A crypto recovery company, Unciphered, has discovered a significant vulnerability in BitcoinJS library.

A billion-dollar-worth vulnerability in old Bitcoin (BTC) wallets generated with BitcoinJS library was exposed on Nov. 14. Crypto recovery firm Unciphered said it had learned that the popular JavaScript library did not always generate private keys random enough.

As reported by The Washington Post, the vulnerability called Randstorm was prevalent among crypto wallets generated between 2011 and 2016. While no specific details on the bug have been released, the report says the BitcoinJS library was not generating private keys for crypto wallets properly. The random number generator was insufficient, leaving nearly $1 billion worth of crypto exposed for a hack.
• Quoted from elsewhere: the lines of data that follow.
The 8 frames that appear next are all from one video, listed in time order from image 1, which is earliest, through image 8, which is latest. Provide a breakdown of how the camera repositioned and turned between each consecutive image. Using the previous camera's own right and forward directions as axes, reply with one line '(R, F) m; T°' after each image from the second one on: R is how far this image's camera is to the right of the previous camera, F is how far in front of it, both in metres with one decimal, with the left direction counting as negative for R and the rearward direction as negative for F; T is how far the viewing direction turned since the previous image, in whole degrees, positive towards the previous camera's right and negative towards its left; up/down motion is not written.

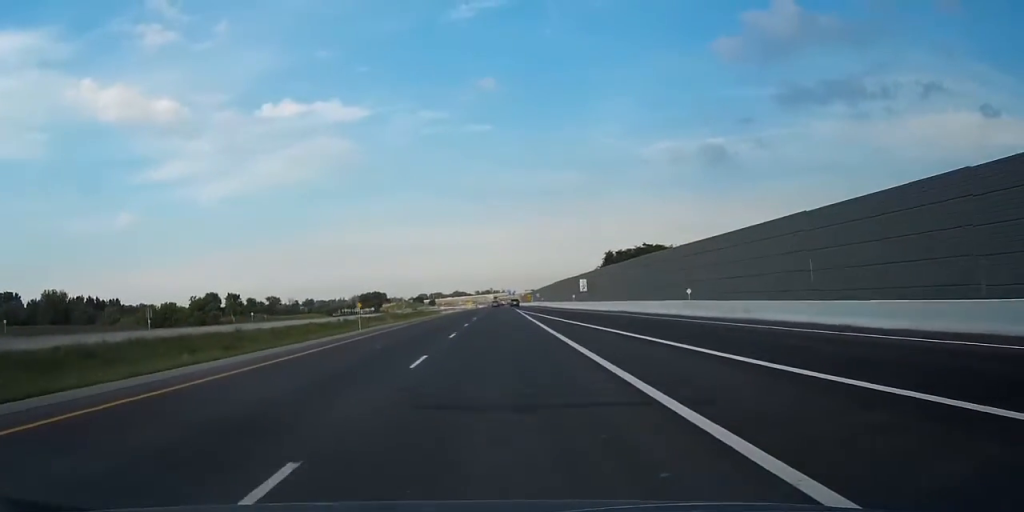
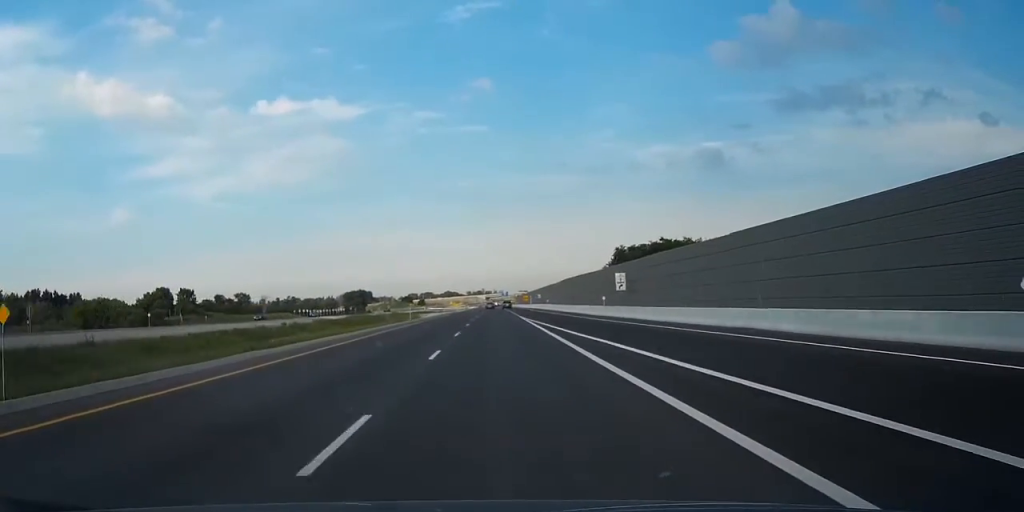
(+0.3, +33.0) m; +1°
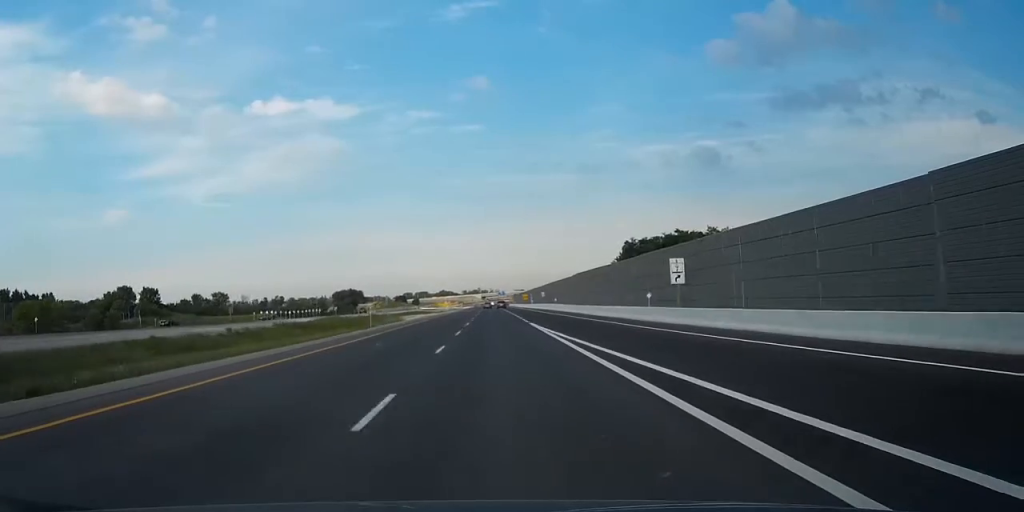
(0.0, +21.6) m; 0°
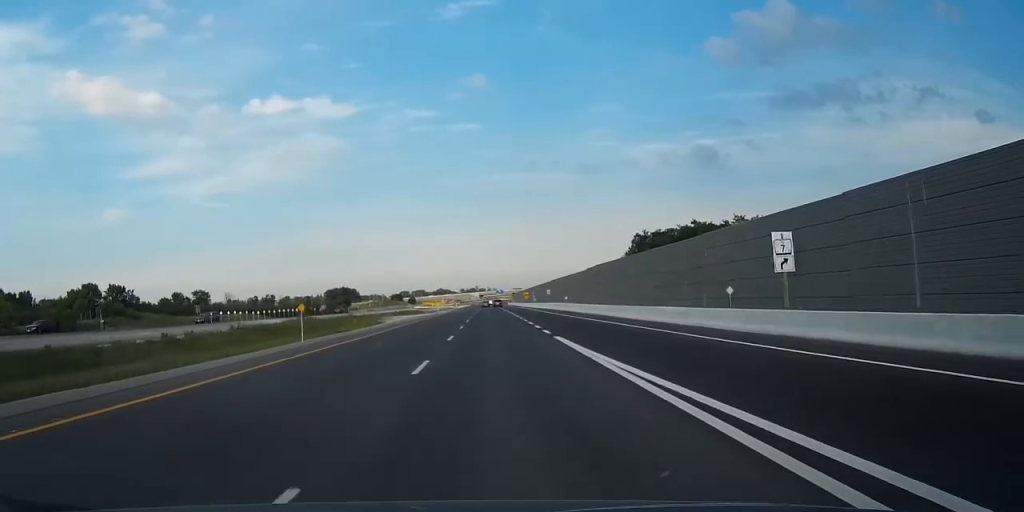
(+0.1, +17.5) m; 0°
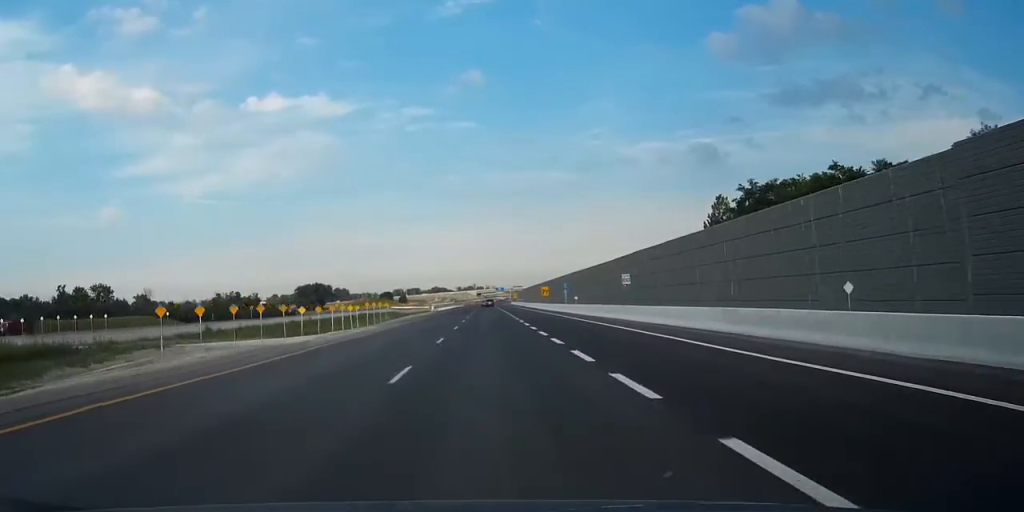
(+0.4, +73.3) m; 0°
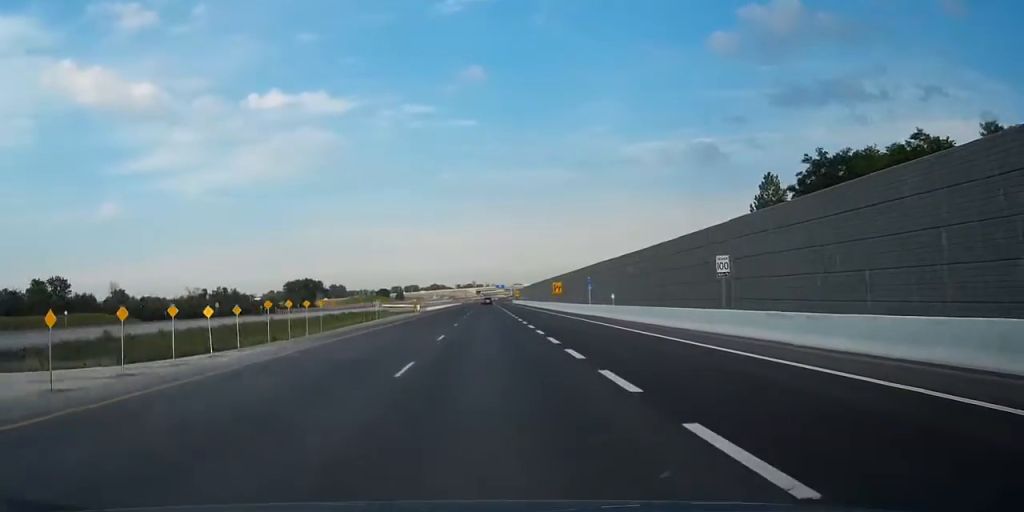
(0.0, +22.8) m; 0°
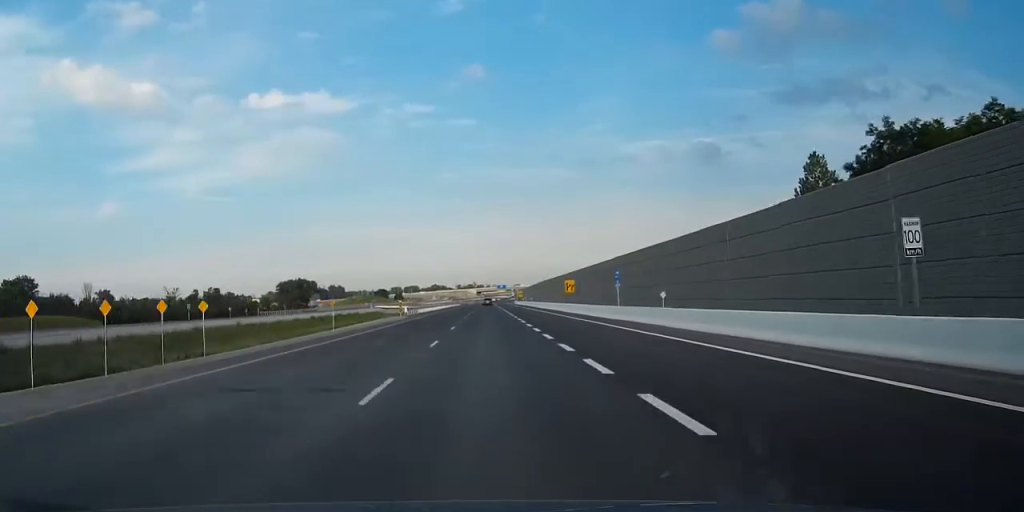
(0.0, +15.5) m; 0°
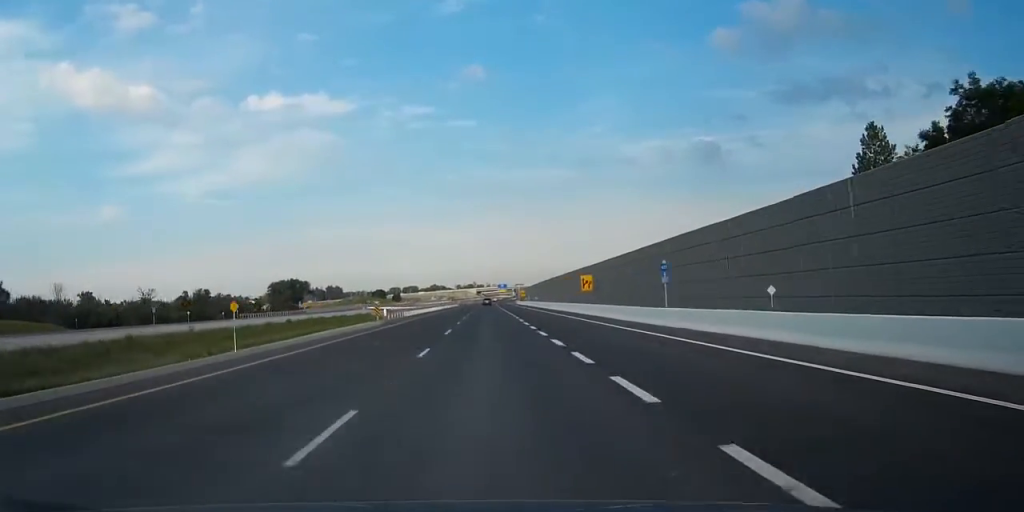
(+0.1, +15.5) m; 0°

“BitcoinJS is terribly broken up till March 2014. Anyone directly using it is on the very high end of risk to attack.”

Unciphered Co-Founder Eric Michaud

BitcoinJS developer Stefan Thomas confirmed the vulnerability in a commentary to The Post. He had developed the software as a hobby, taking the major part of the code from a source code published on Stanford University’s website.

“Instead, I was obsessed about making sure that I did not make any mistakes in my own code. I’m sorry to anyone affected by this bug.”
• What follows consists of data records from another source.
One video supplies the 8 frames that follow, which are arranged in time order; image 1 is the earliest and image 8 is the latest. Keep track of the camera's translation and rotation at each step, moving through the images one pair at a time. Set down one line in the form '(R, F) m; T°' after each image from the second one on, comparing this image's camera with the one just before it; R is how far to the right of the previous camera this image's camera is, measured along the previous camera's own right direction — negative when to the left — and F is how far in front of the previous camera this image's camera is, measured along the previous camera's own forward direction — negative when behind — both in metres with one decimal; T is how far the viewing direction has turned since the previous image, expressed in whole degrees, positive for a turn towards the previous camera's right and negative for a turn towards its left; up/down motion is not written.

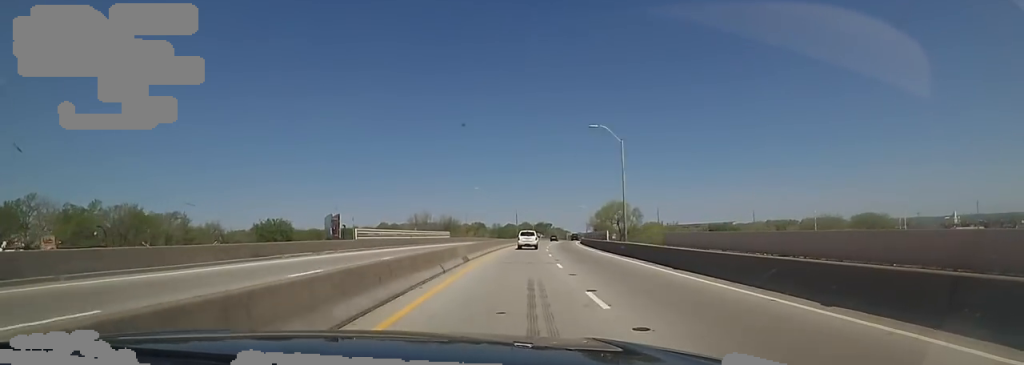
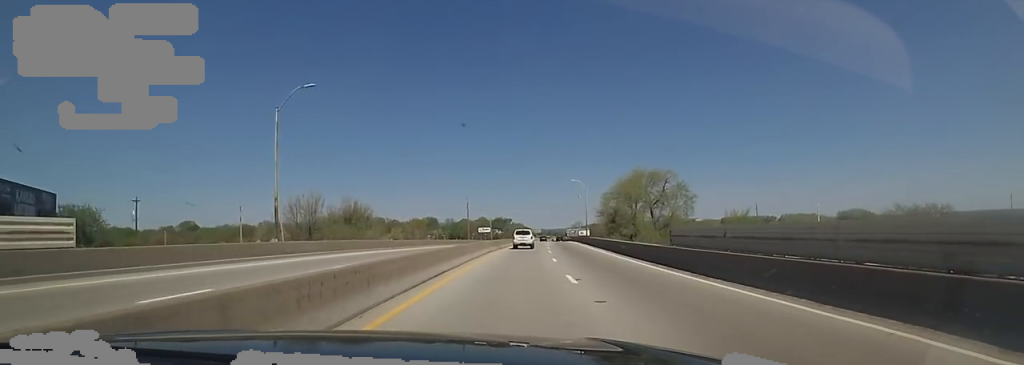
(+1.4, +55.4) m; +4°
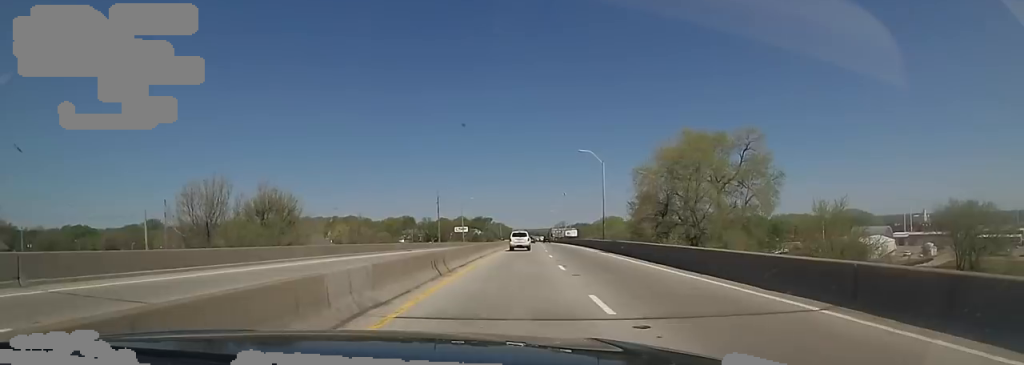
(+0.9, +25.4) m; +3°
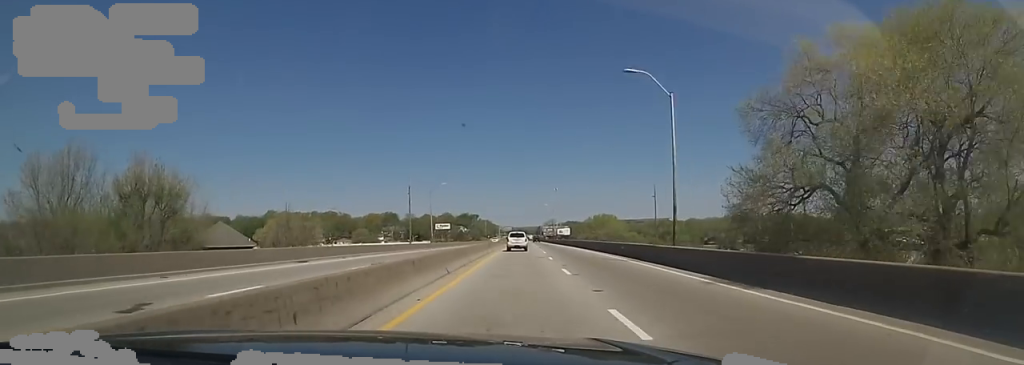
(+0.6, +22.4) m; +2°
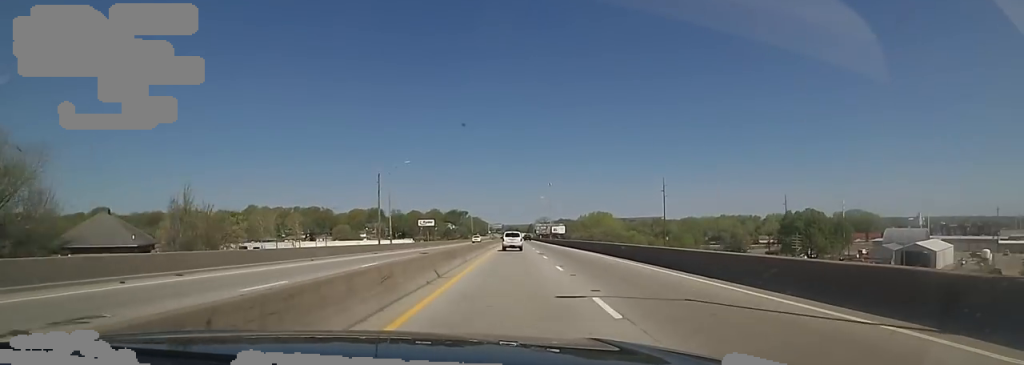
(+0.2, +18.4) m; +1°
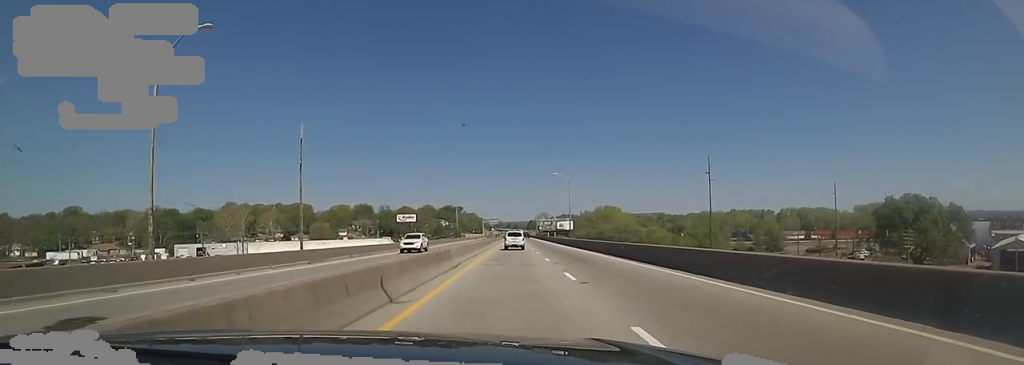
(0.0, +33.8) m; 0°
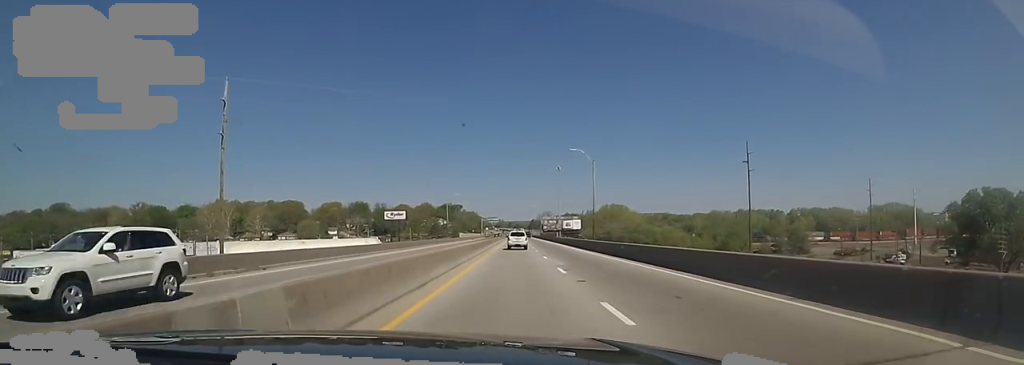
(0.0, +17.3) m; 0°
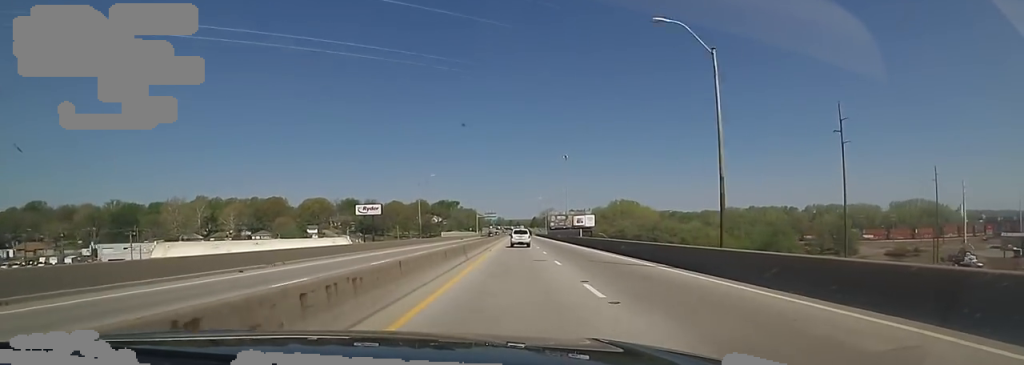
(0.0, +26.9) m; 0°

BitcoinJS developer Stefan Thomas

According to The Post, the BitcoinJS library was used by many crypto websites such as Blockchain.com (formerly Blockchain.info), Dogechain.info, Block.io, and others. However, Blockchain.com is said to have fixed the issue, adding more randomness to the random number generator.

The BitcoinJS vulnerability appears to be not entirely new. In 2018, David Gerard, a Unix system expert based in the U.K., previously revealed that he had discovered discussion threads on the Bitcointalk forum as early as 2013 on this particular issue. Back then, some web-based Bitcoin wallets used the SecureRandom() function to generate private keys.

According to Gerard, the function generates cryptographic keys that are less than 48 bits of entropy regardless of the entropy level of the seed. The JavaScript function then runs the alphanumeric key through the obsolete RC4 algorithm, which is generally considered predictable. The predictability makes the private key vulnerable to brute-force hacking.